What is needed:
Return the run of lines below that opens with the line containing "#54946=EDGE_LOOP('',(#54938,#54939,#54944,#54945));" and closes with the line containing "#54948=ADVANCED_FACE('',(#54947),#54937,.T.);", keeping each one exact.

[Dataset entries]
-- Opening Marker --

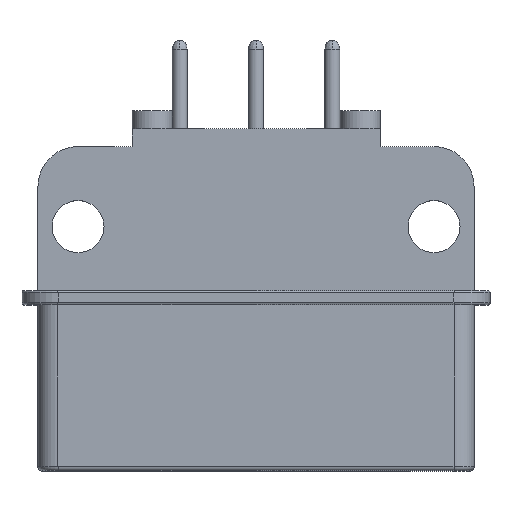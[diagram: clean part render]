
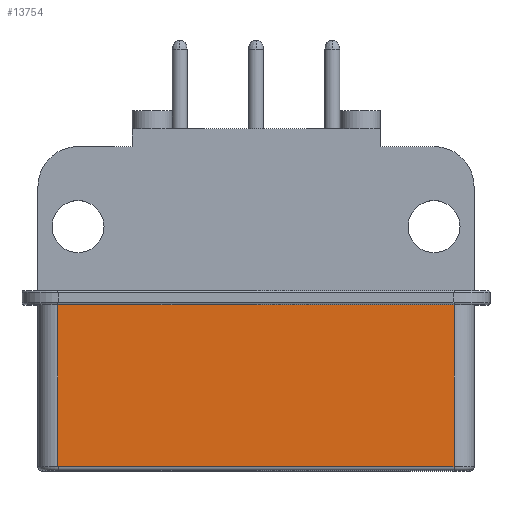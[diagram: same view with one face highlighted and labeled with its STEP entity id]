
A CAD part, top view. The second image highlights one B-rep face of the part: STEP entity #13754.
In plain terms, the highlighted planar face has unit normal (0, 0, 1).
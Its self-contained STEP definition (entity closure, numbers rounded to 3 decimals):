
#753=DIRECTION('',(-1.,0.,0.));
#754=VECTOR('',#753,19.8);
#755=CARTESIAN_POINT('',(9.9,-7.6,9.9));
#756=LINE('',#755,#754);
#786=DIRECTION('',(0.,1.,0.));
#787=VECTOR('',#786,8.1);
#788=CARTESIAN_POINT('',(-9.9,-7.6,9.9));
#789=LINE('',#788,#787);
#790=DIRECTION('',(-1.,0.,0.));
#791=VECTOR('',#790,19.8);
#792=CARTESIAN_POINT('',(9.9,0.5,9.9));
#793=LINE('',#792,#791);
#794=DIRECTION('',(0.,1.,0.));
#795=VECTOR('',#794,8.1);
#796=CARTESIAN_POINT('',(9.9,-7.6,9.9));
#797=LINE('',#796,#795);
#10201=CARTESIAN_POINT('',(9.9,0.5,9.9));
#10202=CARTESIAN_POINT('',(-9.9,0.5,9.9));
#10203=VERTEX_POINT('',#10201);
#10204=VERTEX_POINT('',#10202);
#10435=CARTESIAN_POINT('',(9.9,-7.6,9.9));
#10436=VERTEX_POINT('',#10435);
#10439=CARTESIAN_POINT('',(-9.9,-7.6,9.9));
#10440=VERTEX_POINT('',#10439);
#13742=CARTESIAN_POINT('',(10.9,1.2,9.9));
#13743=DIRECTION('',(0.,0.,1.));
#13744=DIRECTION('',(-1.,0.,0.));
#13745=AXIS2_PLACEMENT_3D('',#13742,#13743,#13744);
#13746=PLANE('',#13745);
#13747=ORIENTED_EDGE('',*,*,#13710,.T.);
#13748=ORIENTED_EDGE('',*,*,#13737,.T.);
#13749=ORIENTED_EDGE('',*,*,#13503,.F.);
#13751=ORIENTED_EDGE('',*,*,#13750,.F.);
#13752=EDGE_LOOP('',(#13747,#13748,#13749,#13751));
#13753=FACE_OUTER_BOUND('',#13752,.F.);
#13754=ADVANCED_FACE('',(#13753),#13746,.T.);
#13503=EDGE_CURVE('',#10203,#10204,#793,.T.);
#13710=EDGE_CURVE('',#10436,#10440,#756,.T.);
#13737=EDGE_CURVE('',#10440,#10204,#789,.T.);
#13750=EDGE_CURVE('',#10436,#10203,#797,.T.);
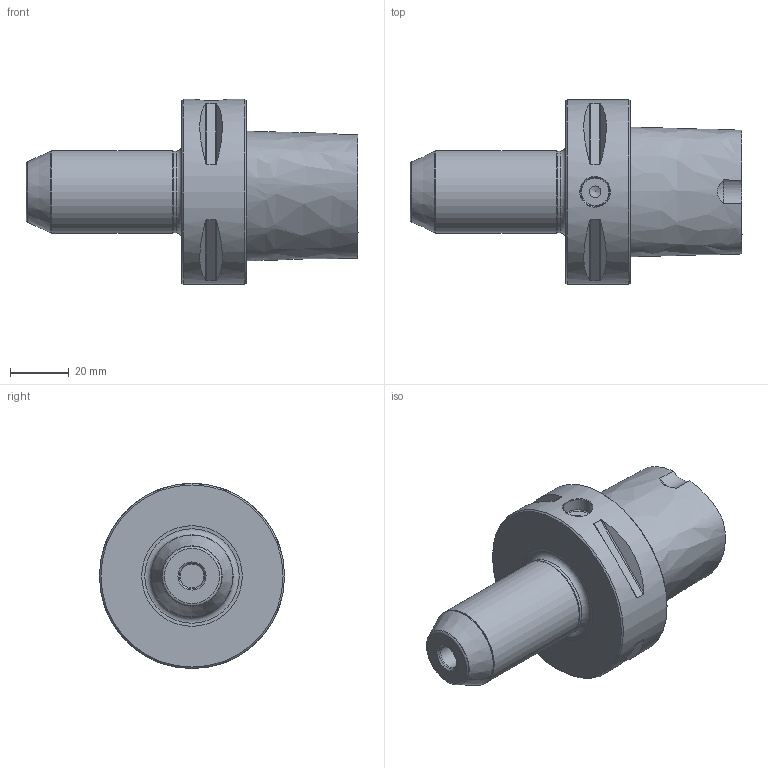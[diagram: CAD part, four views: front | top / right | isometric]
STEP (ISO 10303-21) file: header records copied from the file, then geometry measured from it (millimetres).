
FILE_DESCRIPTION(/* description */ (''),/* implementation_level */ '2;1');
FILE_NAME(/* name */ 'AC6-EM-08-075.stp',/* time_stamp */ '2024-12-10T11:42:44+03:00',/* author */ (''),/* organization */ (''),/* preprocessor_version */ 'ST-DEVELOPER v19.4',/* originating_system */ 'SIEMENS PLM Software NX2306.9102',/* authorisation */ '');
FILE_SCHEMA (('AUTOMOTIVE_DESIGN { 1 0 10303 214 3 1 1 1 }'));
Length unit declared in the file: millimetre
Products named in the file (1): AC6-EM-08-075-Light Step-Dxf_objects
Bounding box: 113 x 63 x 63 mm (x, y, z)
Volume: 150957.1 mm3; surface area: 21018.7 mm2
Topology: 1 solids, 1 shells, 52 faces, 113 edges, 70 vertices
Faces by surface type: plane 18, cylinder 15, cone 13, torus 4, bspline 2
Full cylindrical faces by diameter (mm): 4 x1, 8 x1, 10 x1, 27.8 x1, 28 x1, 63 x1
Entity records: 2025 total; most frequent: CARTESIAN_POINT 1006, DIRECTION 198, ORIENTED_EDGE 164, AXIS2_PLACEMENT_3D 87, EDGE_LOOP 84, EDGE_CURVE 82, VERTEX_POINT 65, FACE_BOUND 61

-- Closing Marker --
-- Opening Marker --

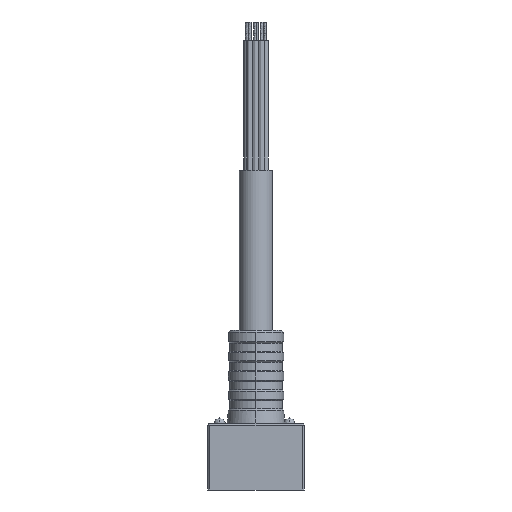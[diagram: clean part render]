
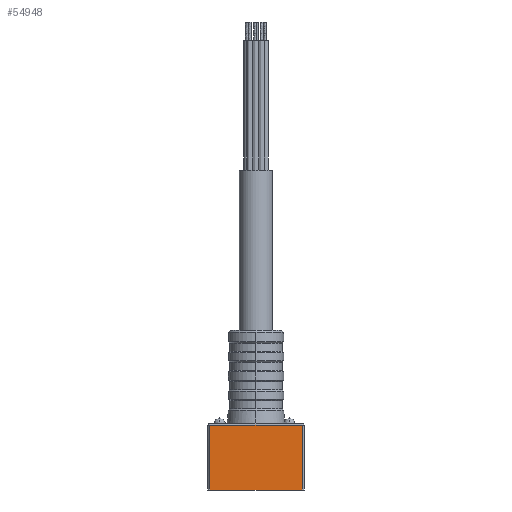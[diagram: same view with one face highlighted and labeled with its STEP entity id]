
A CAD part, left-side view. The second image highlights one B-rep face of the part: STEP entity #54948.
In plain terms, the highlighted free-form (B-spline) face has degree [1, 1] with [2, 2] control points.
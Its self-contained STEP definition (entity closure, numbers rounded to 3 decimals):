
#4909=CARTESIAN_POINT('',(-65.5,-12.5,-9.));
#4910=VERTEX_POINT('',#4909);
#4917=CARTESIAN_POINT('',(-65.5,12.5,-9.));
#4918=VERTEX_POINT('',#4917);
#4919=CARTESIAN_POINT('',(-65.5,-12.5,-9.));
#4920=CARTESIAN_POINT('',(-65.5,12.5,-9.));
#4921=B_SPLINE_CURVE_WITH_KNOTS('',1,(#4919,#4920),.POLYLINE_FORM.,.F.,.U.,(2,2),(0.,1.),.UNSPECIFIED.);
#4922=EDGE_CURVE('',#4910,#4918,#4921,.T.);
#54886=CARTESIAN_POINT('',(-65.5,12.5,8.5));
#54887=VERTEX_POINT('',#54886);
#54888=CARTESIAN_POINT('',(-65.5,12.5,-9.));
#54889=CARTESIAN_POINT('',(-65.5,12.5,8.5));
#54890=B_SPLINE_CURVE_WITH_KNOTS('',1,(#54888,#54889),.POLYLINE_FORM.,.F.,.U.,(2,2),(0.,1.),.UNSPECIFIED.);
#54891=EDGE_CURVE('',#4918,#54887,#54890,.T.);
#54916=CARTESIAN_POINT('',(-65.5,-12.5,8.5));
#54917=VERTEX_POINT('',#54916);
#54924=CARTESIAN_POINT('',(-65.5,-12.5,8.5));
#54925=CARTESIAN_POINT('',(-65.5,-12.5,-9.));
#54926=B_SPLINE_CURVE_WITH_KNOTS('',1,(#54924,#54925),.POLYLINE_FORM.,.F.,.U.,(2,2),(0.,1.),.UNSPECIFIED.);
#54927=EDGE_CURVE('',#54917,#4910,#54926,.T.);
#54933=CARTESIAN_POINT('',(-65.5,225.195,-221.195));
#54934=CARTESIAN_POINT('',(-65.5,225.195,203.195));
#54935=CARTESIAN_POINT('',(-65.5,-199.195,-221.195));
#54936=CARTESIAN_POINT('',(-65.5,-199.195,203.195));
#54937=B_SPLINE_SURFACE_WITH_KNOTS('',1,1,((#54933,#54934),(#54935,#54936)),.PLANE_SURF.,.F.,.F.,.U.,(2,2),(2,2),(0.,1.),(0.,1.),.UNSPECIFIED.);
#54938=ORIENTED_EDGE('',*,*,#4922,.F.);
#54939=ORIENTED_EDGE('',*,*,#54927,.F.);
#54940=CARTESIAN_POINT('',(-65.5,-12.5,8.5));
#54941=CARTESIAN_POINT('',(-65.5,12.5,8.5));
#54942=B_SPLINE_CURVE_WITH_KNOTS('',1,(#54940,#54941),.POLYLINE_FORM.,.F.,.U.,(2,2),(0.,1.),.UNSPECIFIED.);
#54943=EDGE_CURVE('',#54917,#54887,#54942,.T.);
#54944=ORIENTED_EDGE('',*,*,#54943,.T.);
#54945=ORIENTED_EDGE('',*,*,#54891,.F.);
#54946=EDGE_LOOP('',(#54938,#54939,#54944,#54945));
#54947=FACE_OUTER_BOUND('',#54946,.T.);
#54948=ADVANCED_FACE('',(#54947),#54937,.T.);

-- Closing Marker --

Answer to this task:
#54946=EDGE_LOOP('',(#54938,#54939,#54944,#54945));
#54947=FACE_OUTER_BOUND('',#54946,.T.);
#54948=ADVANCED_FACE('',(#54947),#54937,.T.);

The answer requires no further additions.